__EXERCISE PROMPT__
In the listing below, transcribe the line that contains "(00:00:09.000)" and all lines following it, ending with the last line. Add nothing.
┄┄┄┄┄┄┄┄┄┄┄┄┄┄┄┄┄┄┄┄
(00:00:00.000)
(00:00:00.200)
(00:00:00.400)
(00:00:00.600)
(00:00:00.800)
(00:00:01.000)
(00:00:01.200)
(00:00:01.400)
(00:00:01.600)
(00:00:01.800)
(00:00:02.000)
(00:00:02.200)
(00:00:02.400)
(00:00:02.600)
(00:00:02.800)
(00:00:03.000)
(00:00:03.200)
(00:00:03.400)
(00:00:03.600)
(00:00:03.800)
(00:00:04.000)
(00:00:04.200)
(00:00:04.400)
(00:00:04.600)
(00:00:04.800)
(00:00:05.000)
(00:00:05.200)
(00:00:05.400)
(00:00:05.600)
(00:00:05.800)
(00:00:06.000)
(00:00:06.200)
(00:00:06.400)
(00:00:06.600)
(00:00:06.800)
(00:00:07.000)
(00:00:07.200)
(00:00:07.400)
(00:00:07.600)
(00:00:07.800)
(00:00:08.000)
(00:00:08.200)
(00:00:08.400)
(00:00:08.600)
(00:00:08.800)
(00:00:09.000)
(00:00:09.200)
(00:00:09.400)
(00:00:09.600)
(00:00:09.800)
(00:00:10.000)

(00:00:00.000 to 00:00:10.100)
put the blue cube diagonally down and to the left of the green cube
┄┄┄┄┄┄┄┄┄┄┄┄┄┄┄┄┄┄┄┄
__EXPECTED ANSWER__
(00:00:09.000)
(00:00:09.200)
(00:00:09.400)
(00:00:09.600)
(00:00:09.800)
(00:00:10.000)

(00:00:00.000 to 00:00:10.100)
put the blue cube diagonally down and to the left of the green cube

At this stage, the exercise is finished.